Complete step-by-step solution:
The given equation is a quadratic equation in one variable. Quadratic equation is an equation in which the degree of the polynomial involved in the equation is equal to 2 (i.e. the higher power of the variable is 2).
To solve a quadratic equation means to find the value of the variable for which it satisfies the given equation. There are many ways to solve a quadratic equation in one variable. One of those ways is completing the square method.
In the completing square method we try to prepare a perfect square of the given equation.
Suppose we have a quadratic equation ${{x}^{2}}+bx+c=0$, then we add a term ${{\left( \dfrac{b}{2} \right)}^{2}}$ on both sides of the equation.

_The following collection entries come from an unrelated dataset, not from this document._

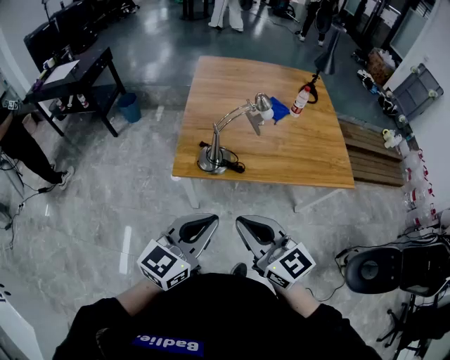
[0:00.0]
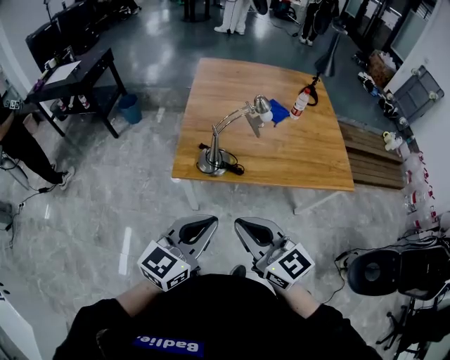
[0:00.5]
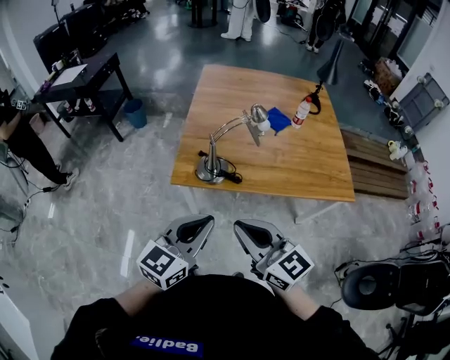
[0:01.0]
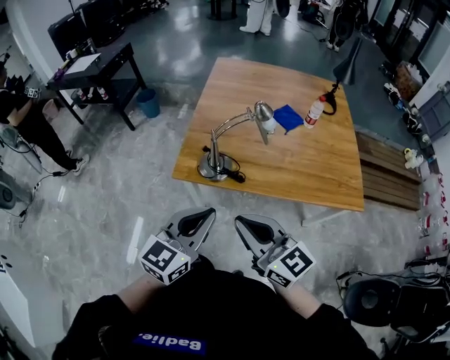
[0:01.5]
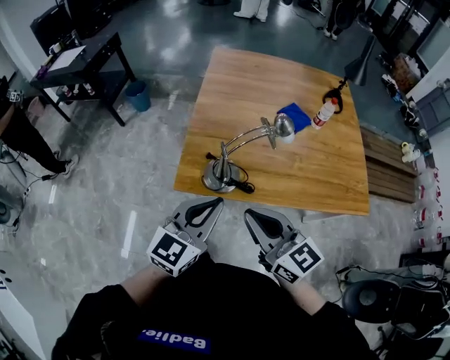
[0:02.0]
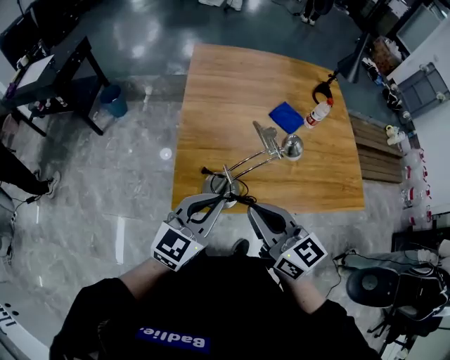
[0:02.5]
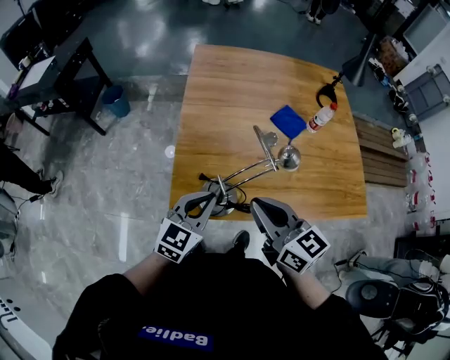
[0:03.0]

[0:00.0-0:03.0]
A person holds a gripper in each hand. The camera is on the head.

Therefore, we get that ${{x}^{2}}+bx+{{\left( \dfrac{b}{2} \right)}^{2}}+c={{\left( \dfrac{b}{2} \right)}^{2}}$
This equation can be further written as ${{x}^{2}}+bx+{{\left( \dfrac{b}{2} \right)}^{2}}={{\left( \dfrac{b}{2} \right)}^{2}}-c$ ….. (i)

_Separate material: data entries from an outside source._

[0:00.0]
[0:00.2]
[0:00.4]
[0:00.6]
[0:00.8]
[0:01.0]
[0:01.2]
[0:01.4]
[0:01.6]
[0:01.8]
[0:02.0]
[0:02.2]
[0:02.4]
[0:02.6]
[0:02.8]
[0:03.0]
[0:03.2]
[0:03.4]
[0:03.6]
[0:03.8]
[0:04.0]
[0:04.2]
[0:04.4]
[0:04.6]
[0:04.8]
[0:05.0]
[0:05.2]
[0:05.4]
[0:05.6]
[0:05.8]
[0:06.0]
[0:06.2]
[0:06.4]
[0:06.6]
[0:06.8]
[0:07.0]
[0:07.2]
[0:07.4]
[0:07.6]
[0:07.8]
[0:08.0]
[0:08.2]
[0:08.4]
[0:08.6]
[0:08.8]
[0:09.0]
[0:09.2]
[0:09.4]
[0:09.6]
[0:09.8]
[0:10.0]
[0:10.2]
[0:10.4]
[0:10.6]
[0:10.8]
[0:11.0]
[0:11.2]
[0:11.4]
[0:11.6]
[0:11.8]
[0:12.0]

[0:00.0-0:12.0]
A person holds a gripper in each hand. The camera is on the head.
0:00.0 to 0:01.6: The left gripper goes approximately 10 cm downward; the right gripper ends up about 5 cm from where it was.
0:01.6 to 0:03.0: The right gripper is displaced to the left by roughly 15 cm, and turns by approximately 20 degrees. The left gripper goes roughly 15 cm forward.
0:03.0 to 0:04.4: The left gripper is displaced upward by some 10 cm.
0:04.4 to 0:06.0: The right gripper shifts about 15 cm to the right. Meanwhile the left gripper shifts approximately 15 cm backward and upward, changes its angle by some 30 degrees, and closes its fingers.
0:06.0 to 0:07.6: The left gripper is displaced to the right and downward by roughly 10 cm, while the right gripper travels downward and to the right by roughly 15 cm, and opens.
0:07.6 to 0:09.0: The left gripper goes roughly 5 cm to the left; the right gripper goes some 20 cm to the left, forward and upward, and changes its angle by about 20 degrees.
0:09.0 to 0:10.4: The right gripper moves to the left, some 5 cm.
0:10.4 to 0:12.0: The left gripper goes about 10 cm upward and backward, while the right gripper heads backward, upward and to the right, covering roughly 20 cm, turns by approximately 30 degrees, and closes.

Here, we can see that the expression ${{x}^{2}}+bx+{{\left( \dfrac{b}{2} \right)}^{2}}$ forms a perfect square such that ${{x}^{2}}+bx+{{\left( \dfrac{b}{2} \right)}^{2}}={{\left( x+\dfrac{b}{2} \right)}^{2}}$
Then substitute this value in equation (i).
$\Rightarrow {{\left( x+\dfrac{b}{2} \right)}^{2}}={{\left( \dfrac{b}{2} \right)}^{2}}-c$
Therefore, we can obtain a perfect square in this way.
Let us now perform the same method for the given equation.
Add ${{\left( -\dfrac{5}{2} \right)}^{2}}=\dfrac{25}{4}$ on both sides of the equation ${{x}^{2}}-5x+\dfrac{25}{4}+1=\dfrac{25}{4}$
$\Rightarrow {{\left( x-\dfrac{5}{2} \right)}^{2}}=\dfrac{25}{4}-1$
$\Rightarrow {{\left( x-\dfrac{5}{2} \right)}^{2}}=\dfrac{21}{4}$
Now, we can take square roots on both sides.
$\Rightarrow \left( x-\dfrac{5}{2} \right)=\pm \sqrt{\dfrac{21}{4}}$
$\Rightarrow x-\dfrac{5}{2}=\pm \dfrac{\sqrt{21}}{2}$
$\Rightarrow x=\dfrac{5\pm \sqrt{21}}{2}$
Then, this means that $x=\dfrac{5+\sqrt{21}}{2}$ or $x=\dfrac{5-\sqrt{21}}{2}$.

Note: When we have a quadratic equation in the form of $a{{x}^{2}}+bx+c=0$, we have to add the term $\dfrac{1}{a}{{\left( \dfrac{b}{2} \right)}^{2}}$ on both the sides of the equation.
Otherwise, we can divide the whole equation by a factor ‘a’ and then add ${{\left( \dfrac{b}{2} \right)}^{2}}$ on both sides.